Viewing from a far point causes tiling

Using fast fourier transform

The more accurate way to express ocean is by using oceanographic spectrum. But using this method we need a fast way to compute the added value of thousands of sin function with different wave number and frequency. Here FFT(fast fourier transform), a elegant and useful algorithm comes into play. It's an effective algorithm that can utilize the parallelism of hardware. Here I would like to use hlsl's compute shader to do the heavy lifting.

The most famous implementation of FFT is Cookey Tolley algorithm, but this algorithm needs a process of bit-reversal array reorder, which is expensive on GPU. However, another implementation of FFT is called Stockham algorithm. This algorithm avoids the bit-reversal reorder in Cookey Tolley algorithm, and thus could achieve better performence. In compute shader, we can set each kernel function of the shader to be a butterfly operator.

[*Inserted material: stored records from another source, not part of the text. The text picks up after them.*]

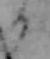
る
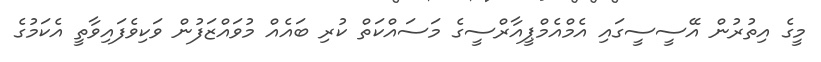
މީގެ އިތުރުން އޭސީސީގައި އެމްއެމްޕީއާރްސީގެ މަސައްކަތް ކުރި ބައެއް މުވައްޒަފުން ވަކިވެފައިވާތީ އެކަމުގެ
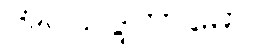
အပ္ပသဒ္ဒကာမော
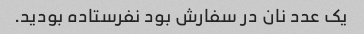
یک عدد نان در سفارش بود نفرستاده بودید.
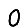
Digit: 0
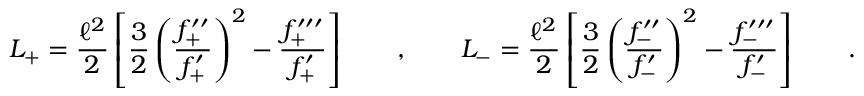
L _ { + } = \frac { \ell ^ { 2 } } 2 \left[ \frac 3 2 \left( \frac { f _ { + } ^ { \prime \prime } } { f _ { + } ^ { \prime } } \right) ^ { 2 } - \frac { f _ { + } ^ { \prime \prime \prime } } { f _ { + } ^ { \prime } } \right] \qquad , \qquad L _ { - } = \frac { \ell ^ { 2 } } 2 \left[ \frac 3 2 \left( \frac { f _ { - } ^ { \prime \prime } } { f _ { - } ^ { \prime } } \right) ^ { 2 } - \frac { f _ { - } ^ { \prime \prime \prime } } { f _ { - } ^ { \prime } } \right] \qquad .
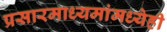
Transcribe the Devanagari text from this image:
प्रसारमाध्यमांमध्येही
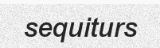
sequiturs
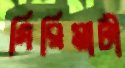
গিরিমাটী
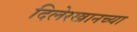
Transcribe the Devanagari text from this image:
दिलेरखानच्या
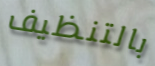
بالتنظيف
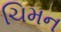
ચિમન
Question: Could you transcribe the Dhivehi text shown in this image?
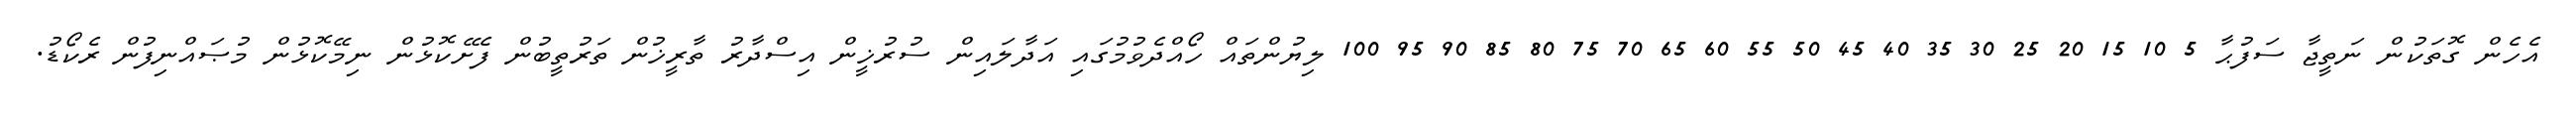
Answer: އެހެން ގޮތަކުން ނަތީޖާ ސަފުޙާ 5 10 15 20 25 30 35 40 45 50 55 60 65 70 75 80 85 90 95 100 ލިޔުންތައް ހޯއްދެވުމުގައި އަދާލައިން ސުރުޚީން އިސްދާރު ތާރީޚުން ތަރުތީބުން ފެށޭކޮޅުން ނިމޭކޮޅުން މުޞައްނިފުން ރެކޯޑު.
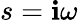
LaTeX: s=\mathbf{i}\omega
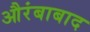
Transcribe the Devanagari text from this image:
औरंबाबाद
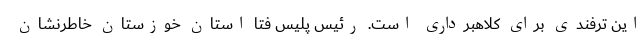
این ترفندی برای کلاهبرداری است. رئیس پلیس فتا استان خوزستان خاطرنشان
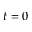
t = 0

After implementing the FFT algorithm, I've used lenna's image to test its correctness.

(The color difference is due to unity's texture sampling)

Comparison of two FFT implementation

Left: Original picture      Middle: FFT Result      Right: IFFT Result

​Using oceanographic spectrum in Jerry Tessendorf's famous article "Simulating Ocean Water". Now we need a normal distribution to get the randomness in spectrum. Here I simply use numpy and matplotlib to generate a gaussian noise texture.

Another two compute shader were used to compute the time invariant and time dependent part of the spectrum, time invariant compute is only dispatched in the beginning, while time dependent compute needed to be dispatched per frame.

Unscaled displacement map and normal map

Displaced geometry

Rendered with normal

Rendered with scene

By using gpu based FFT, we can get an implementation of realtime rendering ocean. In my work, a ocean texture of 512*512 only takes about 0.2ms gpu latency(on RTX2070 super) to compute.